-- RECORD EXTRACTS follows --

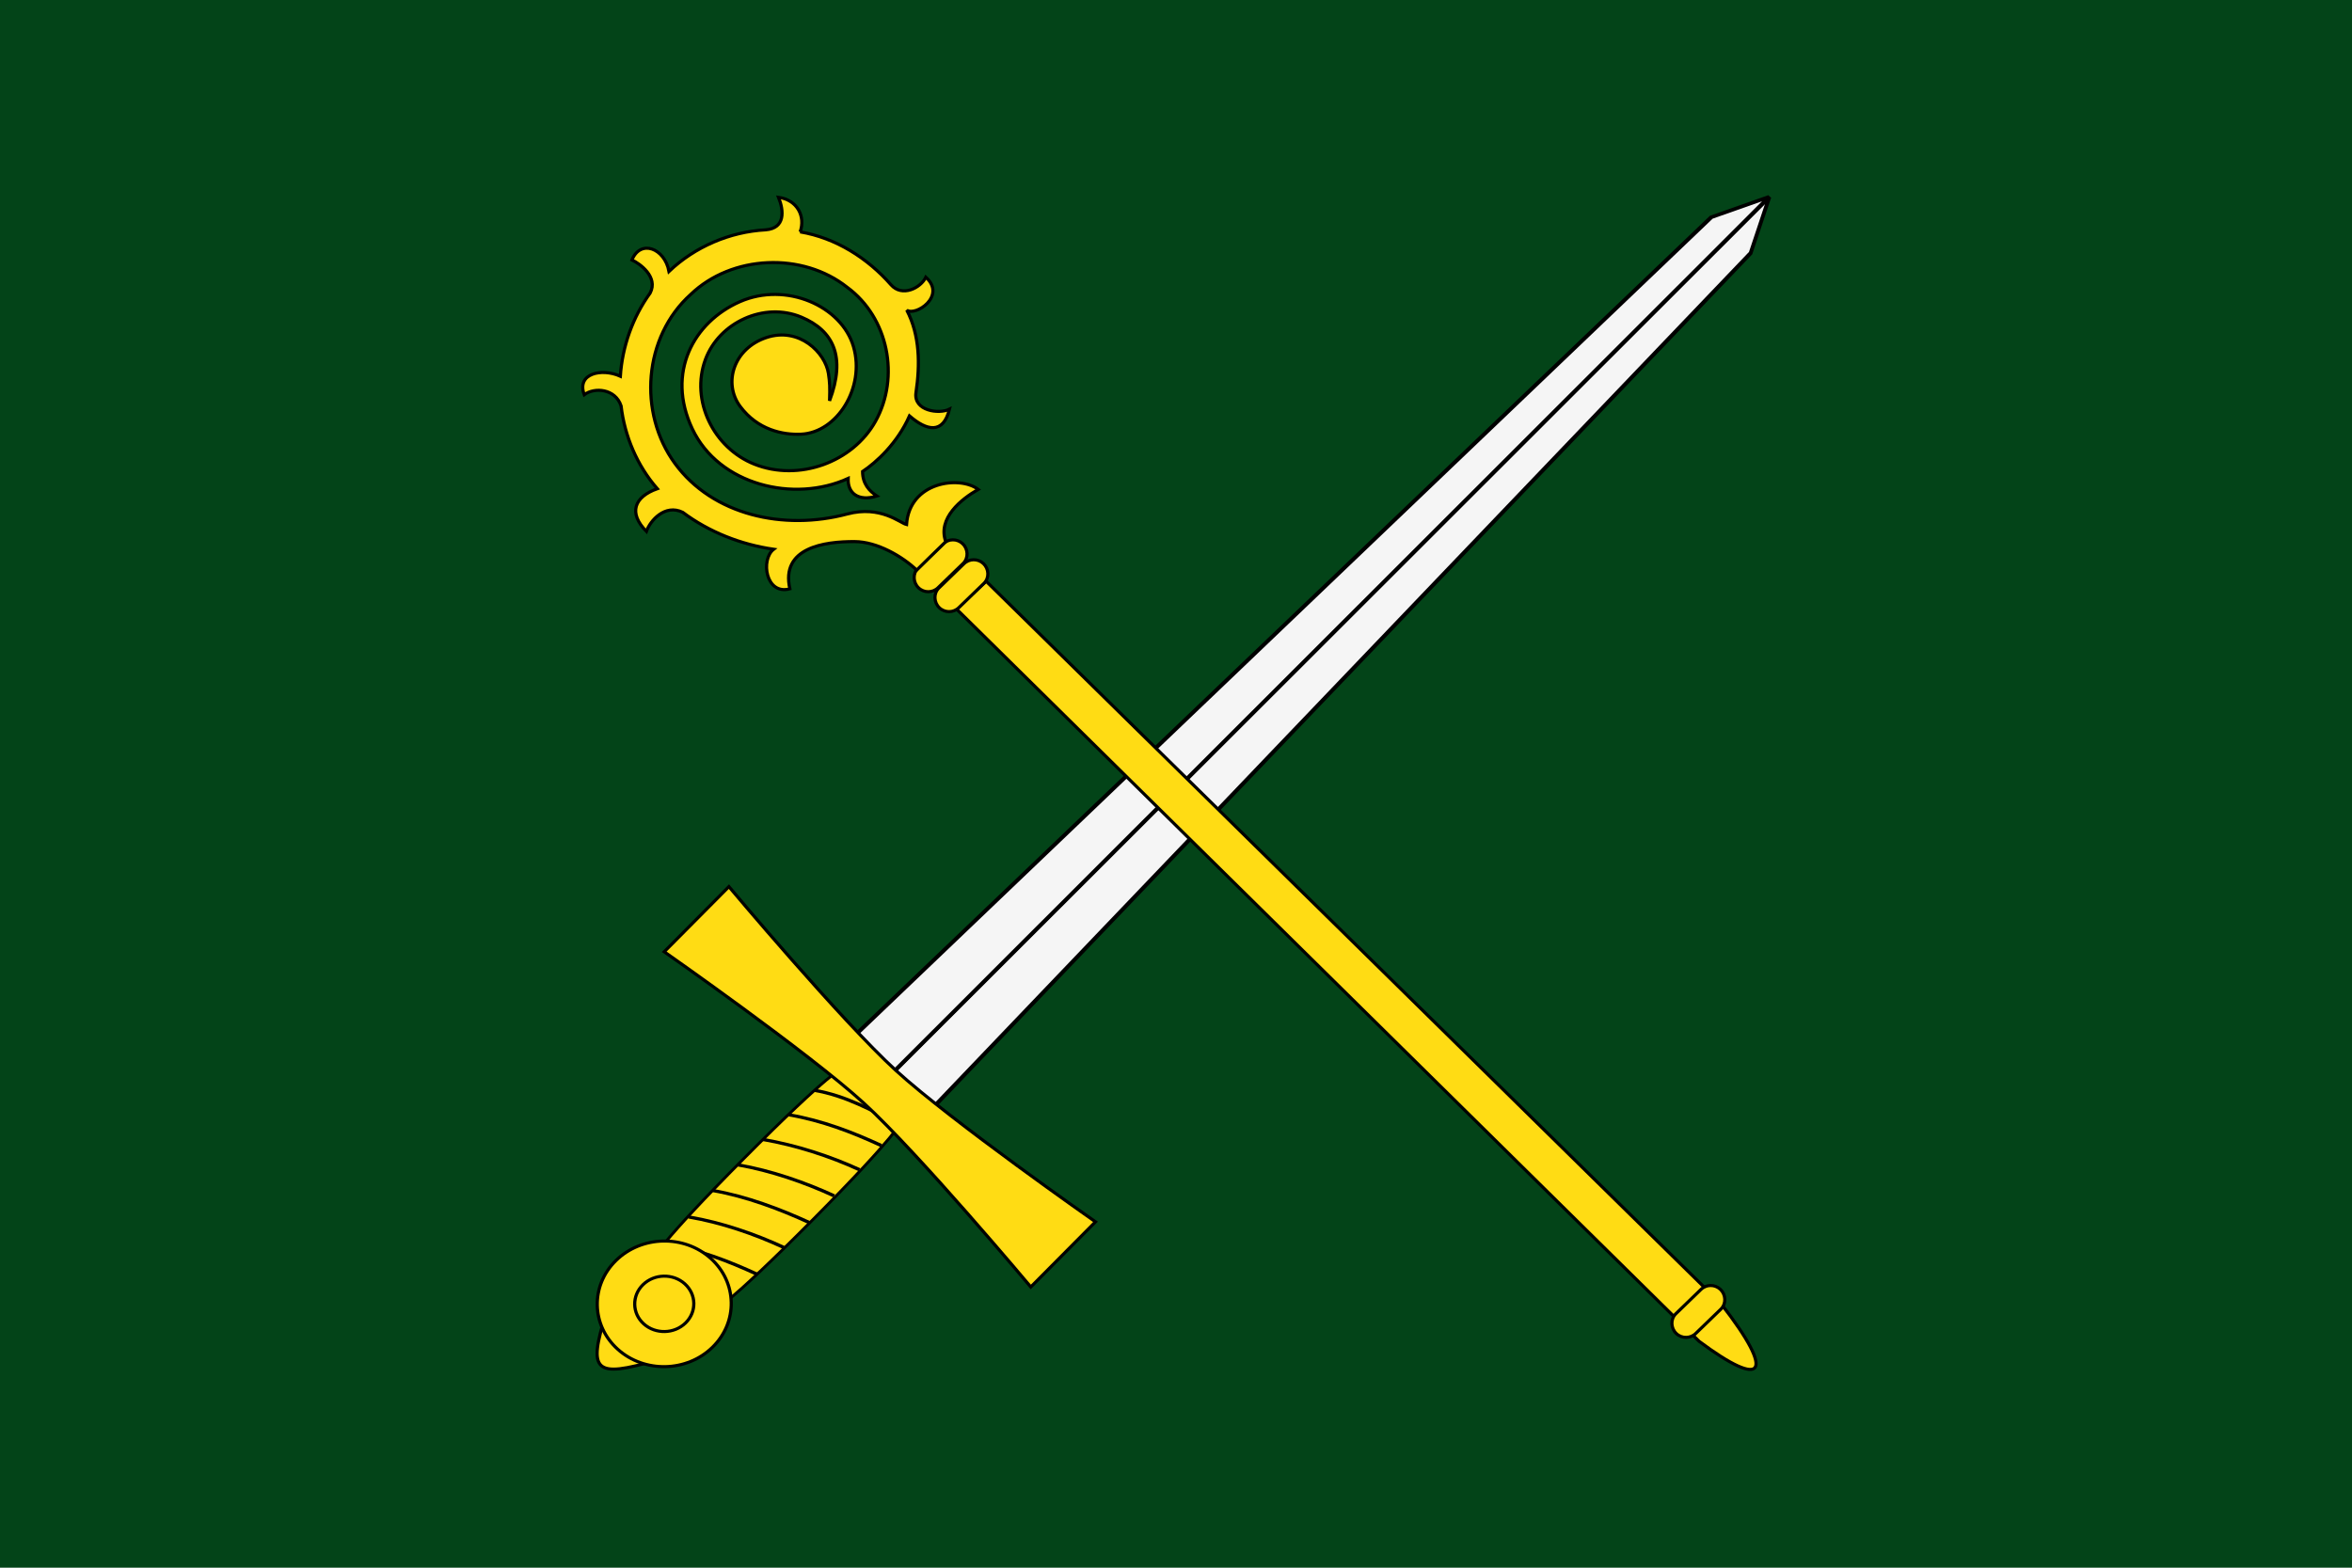 ﻿<?xml version="1.0" encoding="UTF-8" standalone="no"?>
<!-- Created with Inkscape (http://www.inkscape.org/) -->

<svg
   xmlns:dc="http://purl.org/dc/elements/1.1/"
   xmlns:cc="http://creativecommons.org/ns#"
   xmlns:rdf="http://www.w3.org/1999/02/22-rdf-syntax-ns#"
   xmlns:svg="http://www.w3.org/2000/svg"
   xmlns="http://www.w3.org/2000/svg"
   xmlns:sodipodi="http://sodipodi.sourceforge.net/DTD/sodipodi-0.dtd"
   xmlns:inkscape="http://www.inkscape.org/namespaces/inkscape"
   width="750"
   height="500"
   id="svg2416"
   sodipodi:version="0.32"
   inkscape:version="0.48.0 r9654"
   version="1.0"
   sodipodi:docname="Bandera de Sant Martí Vell.svg"
   inkscape:output_extension="org.inkscape.output.svg.inkscape">
  <title
     id="title4147">Bandera de Sant Martí Vell</title>
  <defs
     id="defs2418">
    <inkscape:perspective
       sodipodi:type="inkscape:persp3d"
       inkscape:vp_x="0 : 526.18109 : 1"
       inkscape:vp_y="0 : 1000 : 0"
       inkscape:vp_z="744.09448 : 526.18109 : 1"
       inkscape:persp3d-origin="372.04724 : 350.78739 : 1"
       id="perspective2424" />
  </defs>
  <sodipodi:namedview
     id="base"
     pagecolor="#ffffff"
     bordercolor="#666666"
     borderopacity="1.0"
     gridtolerance="10000"
     guidetolerance="10"
     objecttolerance="10"
     inkscape:pageopacity="0.0"
     inkscape:pageshadow="2"
     inkscape:zoom="0.7"
     inkscape:cx="213.43383"
     inkscape:cy="215.47683"
     inkscape:document-units="px"
     inkscape:current-layer="layer1"
     showgrid="false"
     inkscape:window-width="1024"
     inkscape:window-height="703"
     inkscape:window-x="-4"
     inkscape:window-y="-4"
     inkscape:showpageshadow="false"
     showborder="false"
     inkscape:object-nodes="true"
     inkscape:window-maximized="1" />
  <g
     inkscape:label="Layer 1"
     inkscape:groupmode="layer"
     id="layer1">
    <g
       id="g4116">
      <rect
         y="0"
         x="0"
         height="500"
         width="750"
         id="rect4008"
         style="fill:#034418;fill-opacity:1;stroke:none" />
      <g
         transform="translate(1.052,2.068)"
         id="g4087">
        <g
           transform="matrix(0.901,0.824,-0.861,0.867,519.655,-503.209)"
           id="layer1-9"
           style="fill:#ffdc14;stroke:#000000;stroke-width:0.819;stroke-miterlimit:4;stroke-opacity:1;stroke-dasharray:none">
          <g
             transform="translate(285.724,315.795)"
             id="g3128"
             style="fill:#ffdc14;stroke:#000000;stroke-width:0.819;stroke-miterlimit:4;stroke-opacity:1;stroke-dasharray:none">
            <g
               transform="matrix(-2.656,0.276,0.365,1.641,870.235,-751.064)"
               id="g6633-5"
               style="fill:#ffdc14;fill-opacity:1;stroke:#000000;stroke-width:0.388;stroke-miterlimit:4;stroke-opacity:1;stroke-dasharray:none">
              <path
                 d="m 379.6,591.678 5.118,-0.851 -26.944,-192.717 -1.377,8.878 23.203,184.69 0,0 0,0 0,0 z"
                 id="path6635-0"
                 style="fill:#f5f5f5;fill-opacity:1;fill-rule:evenodd;stroke:#000000;stroke-width:0.388;stroke-linecap:butt;stroke-linejoin:miter;stroke-miterlimit:4;stroke-opacity:1;stroke-dasharray:none"
                 inkscape:connector-curvature="0" />
              <path
                 d="m 389.837,589.976 -5.118,0.851 -26.944,-192.717 3.741,8.027 28.321,183.839 0,0 0,0 0,0 0,0 z"
                 id="path6637-4"
                 style="fill:#f5f5f5;fill-opacity:1;fill-rule:evenodd;stroke:#000000;stroke-width:0.388;stroke-linecap:butt;stroke-linejoin:miter;stroke-miterlimit:4;stroke-opacity:1;stroke-dasharray:none"
                 inkscape:connector-curvature="0" />
            </g>
            <g
               transform="matrix(0.831,0,0,1.001,10.884,-0.463)"
               id="g2539"
               style="fill:#ffdc14;stroke:#000000;stroke-width:0.898;stroke-miterlimit:4;stroke-opacity:1;stroke-dasharray:none">
              <path
                 d="m 51.801,332.339 24.95,0 c 0,0 2,2.635 2,34.931 0,32.132 -2,34.931 -2,34.931 l -24.95,0 c 0,0 -2,-2.724 -2,-34.931 0,-32.371 2,-34.931 2,-34.931 l 0,0 z"
                 id="rect2522"
                 style="fill:#ffdc14;fill-opacity:1;fill-rule:nonzero;stroke:#000000;stroke-width:0.898;stroke-linecap:butt;stroke-linejoin:miter;stroke-miterlimit:4;stroke-opacity:1;stroke-dasharray:none;stroke-dashoffset:0;marker:none;visibility:visible;display:inline;overflow:visible"
                 inkscape:connector-curvature="0" />
              <path
                 d="m 50.193,350.905 c 8.623,-4.716 17.901,-7.792 27.393,-10.334"
                 id="path2525"
                 style="fill:#ffdc14;stroke:#000000;stroke-width:0.898;stroke-linecap:butt;stroke-linejoin:miter;stroke-miterlimit:4;stroke-opacity:1;stroke-dasharray:none"
                 inkscape:connector-curvature="0" />
              <path
                 d="m 49.865,360.227 c 8.623,-4.716 18.721,-8.612 28.213,-11.154"
                 id="path2527"
                 style="fill:#ffdc14;stroke:#000000;stroke-width:0.898;stroke-linecap:butt;stroke-linejoin:miter;stroke-miterlimit:4;stroke-opacity:1;stroke-dasharray:none"
                 inkscape:connector-curvature="0" />
              <path
                 d="m 49.865,369.549 c 8.623,-4.716 18.885,-8.448 28.377,-10.99"
                 id="path2529"
                 style="fill:#ffdc14;stroke:#000000;stroke-width:0.898;stroke-linecap:butt;stroke-linejoin:miter;stroke-miterlimit:4;stroke-opacity:1;stroke-dasharray:none"
                 inkscape:connector-curvature="0" />
              <path
                 d="m 50.029,378.872 c 8.623,-4.716 19.213,-8.284 28.705,-10.826"
                 id="path2531"
                 style="fill:#ffdc14;stroke:#000000;stroke-width:0.898;stroke-linecap:butt;stroke-linejoin:miter;stroke-miterlimit:4;stroke-opacity:1;stroke-dasharray:none"
                 inkscape:connector-curvature="0" />
              <path
                 d="m 50.521,388.194 c 8.623,-4.716 18.393,-8.284 27.885,-10.826"
                 id="path2533"
                 style="fill:#ffdc14;stroke:#000000;stroke-width:0.898;stroke-linecap:butt;stroke-linejoin:miter;stroke-miterlimit:4;stroke-opacity:1;stroke-dasharray:none"
                 inkscape:connector-curvature="0" />
              <path
                 d="m 51.177,397.516 c 8.623,-4.716 17.901,-7.792 27.393,-10.334"
                 id="path2535"
                 style="fill:#ffdc14;stroke:#000000;stroke-width:0.898;stroke-linecap:butt;stroke-linejoin:miter;stroke-miterlimit:4;stroke-opacity:1;stroke-dasharray:none"
                 inkscape:connector-curvature="0" />
              <path
                 d="m 50.344,341.751 c 8.623,-4.716 17.103,-6.085 26.595,-8.627"
                 id="path2537"
                 style="fill:#ffdc14;stroke:#000000;stroke-width:0.898;stroke-linecap:butt;stroke-linejoin:miter;stroke-miterlimit:4;stroke-opacity:1;stroke-dasharray:none"
                 inkscape:connector-curvature="0" />
            </g>
            <path
               d="m -0.595,317.397 c 0,0 45.41,6 64.871,6 19.461,0 64.871,-6 64.871,-6 l 0,23.96 c 0,0 -45.41,-6 -64.871,-6 -19.461,0 -64.871,6 -64.871,6 l 0,-23.96 0,0 z"
               id="rect2439"
               style="fill:#ffdc14;fill-opacity:1;fill-rule:nonzero;stroke:#000000;stroke-width:0.819;stroke-linecap:butt;stroke-linejoin:miter;stroke-miterlimit:4;stroke-opacity:1;stroke-dasharray:none;stroke-dashoffset:0;marker:none;visibility:visible;display:inline;overflow:visible"
               inkscape:connector-curvature="0" />
            <path
               d="m 55.289,421.388 c 7.243,14.329 9.747,14.568 17.974,0"
               id="path3126"
               style="fill:#ffdc14;fill-rule:evenodd;stroke:#000000;stroke-width:0.819;stroke-linecap:butt;stroke-linejoin:miter;stroke-miterlimit:4;stroke-opacity:1;stroke-dasharray:none"
               inkscape:connector-curvature="0" />
            <g
               transform="translate(-42.589,-4)"
               id="g2518"
               style="fill:#ffdc14;stroke:#000000;stroke-width:0.819;stroke-miterlimit:4;stroke-opacity:1;stroke-dasharray:none">
              <path
                 d="m 89.928,413.366 c -0.14,9.363 7.329,16.888 16.684,16.809 9.354,-0.079 17.051,-7.734 17.191,-17.096 0.14,-9.363 -7.329,-16.888 -16.684,-16.809 -9.354,0.079 -17.051,7.734 -17.191,17.096 z"
                 id="path6629-8"
                 style="fill:#ffdc14;fill-opacity:1;fill-rule:evenodd;stroke:#000000;stroke-width:0.819;stroke-linecap:butt;stroke-linejoin:miter;stroke-miterlimit:4;stroke-opacity:1;stroke-dasharray:none"
                 inkscape:connector-curvature="0" />
              <path
                 d="m 99.393,413.285 c -0.062,4.13 3.234,7.45 7.36,7.415 4.127,-0.035 7.522,-3.412 7.584,-7.542 0.062,-4.13 -3.233,-7.45 -7.36,-7.415 -4.127,0.035 -7.522,3.412 -7.584,7.542 l 0,0 z"
                 id="path6631-7"
                 style="fill:#ffdc14;fill-opacity:1;fill-rule:evenodd;stroke:#000000;stroke-width:0.819;stroke-linecap:butt;stroke-linejoin:miter;stroke-miterlimit:4;stroke-opacity:1;stroke-dasharray:none"
                 inkscape:connector-curvature="0" />
            </g>
          </g>
        </g>
        <g
           transform="matrix(0.535,-0.518,0.531,0.522,-101.783,176.846)"
           id="g11203"
           style="fill:#ffdc14;stroke:#000000;stroke-width:1.343;stroke-miterlimit:4;stroke-opacity:1;stroke-dasharray:none">
          <g
             transform="matrix(-1,0,0,1,725.392,101.015)"
             id="g4590"
             style="fill:#ffdc14;stroke:#000000;stroke-width:1.343;stroke-miterlimit:4;stroke-opacity:1;stroke-dasharray:none">
            <path
               d="m 340.677,734.671 -0.065,-441.479 17.395,-0.413 0.73,446.783 c -4.705,34.304 -12.966,33.343 -18.059,-4.892 z"
               id="path2509"
               style="fill:#ffdc14;fill-opacity:1;fill-rule:evenodd;stroke:#000000;stroke-width:1.343;stroke-linecap:butt;stroke-linejoin:miter;stroke-miterlimit:4;stroke-opacity:1;stroke-dasharray:none"
               inkscape:connector-curvature="0" />
            <path
               d="m 345.574,275.676 14.962,-0.239 c 3.257,0 5.882,2.861 5.882,6.117 0,3.257 -2.622,5.879 -5.879,5.879 l -14.962,0.239 c -3.257,0 -5.882,-2.861 -5.882,-6.117 0,-3.257 2.622,-5.879 5.879,-5.879 z"
               transform="matrix(1,0.016,-0.013,1,0,0)"
               id="rect2511"
               style="fill:#ffdc14;fill-opacity:1;stroke:#000000;stroke-width:1.343;stroke-linecap:round;stroke-linejoin:round"
               inkscape:connector-curvature="0" />
            <path
               d="m 345.574,263.349 14.962,-0.239 c 3.257,0 5.882,2.861 5.882,6.117 0,3.257 -2.622,5.879 -5.879,5.879 l -14.962,0.239 c -3.257,0 -5.882,-2.861 -5.882,-6.117 0,-3.257 2.622,-5.879 5.879,-5.879 z"
               transform="matrix(1,0.016,-0.013,1,0,0)"
               id="rect2513"
               style="fill:#ffdc14;fill-opacity:1;stroke:#000000;stroke-width:1.343;stroke-linecap:round;stroke-linejoin:round"
               inkscape:connector-curvature="0" />
            <g
               transform="matrix(0.719,-0.693,0.695,0.721,145.969,-237.93)"
               id="g2768"
               style="fill:#ffdc14;stroke:#000000;stroke-width:1.343;stroke-miterlimit:4;stroke-opacity:1;stroke-dasharray:none">
              <path
                 d="m -152.227,364.335 c -15.004,2.796 -28.362,11.735 -38.139,23.46 -4.633,5.557 -12.538,1.605 -14.825,-3.066 -8.693,8.335 4.629,16.95 8.302,14.138 -5.434,11.041 -5.302,23.764 -3.383,35.771 1.267,7.928 -9.65,9.592 -14.086,7.38 2.813,10.888 9.703,9.3 16.981,2.67 5.35,11.852 14.391,19.937 20.23,23.794 0.058,5.36 -2.701,8.451 -5.911,10.716 7.756,2.311 12.427,-1.275 12.055,-7.821 23.114,10.393 54.815,2.083 65.703,-22.427 10.888,-24.51 -1.271,-46.243 -20.944,-54.755 -19.673,-8.512 -43.122,2.459 -47.861,20.229 -4.739,17.77 7.506,36.986 22.72,37.512 7.833,0.271 18.449,-2.174 25.663,-12.388 7.214,-10.215 2.388,-25.179 -11.587,-29.674 -13.975,-4.495 -24.824,6.949 -26.008,15.985 -0.517,3.95 -0.568,5.78 -0.297,11.796 -7.294,-18.942 -2.117,-30.369 11.394,-36.4 15.752,-7.031 34.937,1.844 40.939,17.764 6.658,17.662 -2.865,38.336 -20.079,45.623 -18.761,7.942 -41.668,-0.231 -51.585,-17.824 -10.699,-18.98 -6.109,-44.862 11.134,-58.205 18.719,-15.67 48.674,-14.774 66.347,2.123 20.233,18.044 23.155,50.926 7.733,73.138 -15.675,22.577 -45.619,29.849 -72.635,22.918 -14.231,-3.651 -22.313,4.214 -25.064,4.925 -1.538,-18.622 -22.896,-20.967 -30.592,-14.769 7.258,4.089 17.509,12.237 14.08,22.422 4.935,4.819 8.937,8.59 12.483,12.127 6.062,-6.041 16.546,-12.533 26.12,-12.721 12.933,-0.254 31.412,2.17 27.739,20.061 10.208,2.672 12.337,-12.775 6.609,-17.232 13.853,-2.265 27.237,-7.851 38.281,-16.562 7.446,-3.861 13.815,3.361 15.51,8.032 7.618,-8.092 4.948,-14.993 -4.892,-18.413 8.434,-10.173 13.51,-22.97 14.819,-36.087 2.31,-7.503 11.112,-8.353 15.527,-5.062 3.263,-9.165 -7.444,-11.577 -15.402,-7.781 -1.02,-12.846 -5.577,-25.411 -13.156,-35.844 -3.658,-6.962 4.262,-12.857 7.501,-14.445 -3.789,-9.011 -13.899,-4.914 -15.626,5.195 -11.083,-10.467 -25.982,-16.799 -41.219,-17.406 -8.346,-0.579 -7.863,-8.087 -5.649,-14.004 -7.92,1.246 -11.368,8.424 -8.931,15.106 z"
                 id="path1576"
                 style="fill:#ffdc14;fill-opacity:1;fill-rule:evenodd;stroke:#000000;stroke-width:1.343;stroke-linecap:butt;stroke-linejoin:miter;stroke-miterlimit:4;stroke-opacity:1;stroke-dasharray:none"
                 inkscape:connector-curvature="0" />
            </g>
            <path
               d="m 351.776,718.58 14.962,-0.239 c 3.257,0 5.882,2.861 5.882,6.117 0,3.257 -2.622,5.879 -5.879,5.879 l -14.962,0.239 c -3.257,0 -5.882,-2.861 -5.882,-6.117 0,-3.257 2.622,-5.879 5.879,-5.879 z"
               transform="matrix(1,0.016,-0.013,1,0,0)"
               id="rect4588"
               style="fill:#ffdc14;fill-opacity:1;stroke:#000000;stroke-width:1.343;stroke-linecap:round;stroke-linejoin:round"
               inkscape:connector-curvature="0" />
          </g>
        </g>
      </g>
    </g>
  </g>
</svg>

-- RECORD EXTRACTS concluded --

=== WHAT YOU ARE ASKED TO DO ===
Pick out every line above that holds the word "Vell" and copy it.

=== RESPONSE AREA ===
   sodipodi:docname="Bandera de Sant Martí Vell.svg"
     id="title4147">Bandera de Sant Martí Vell</title>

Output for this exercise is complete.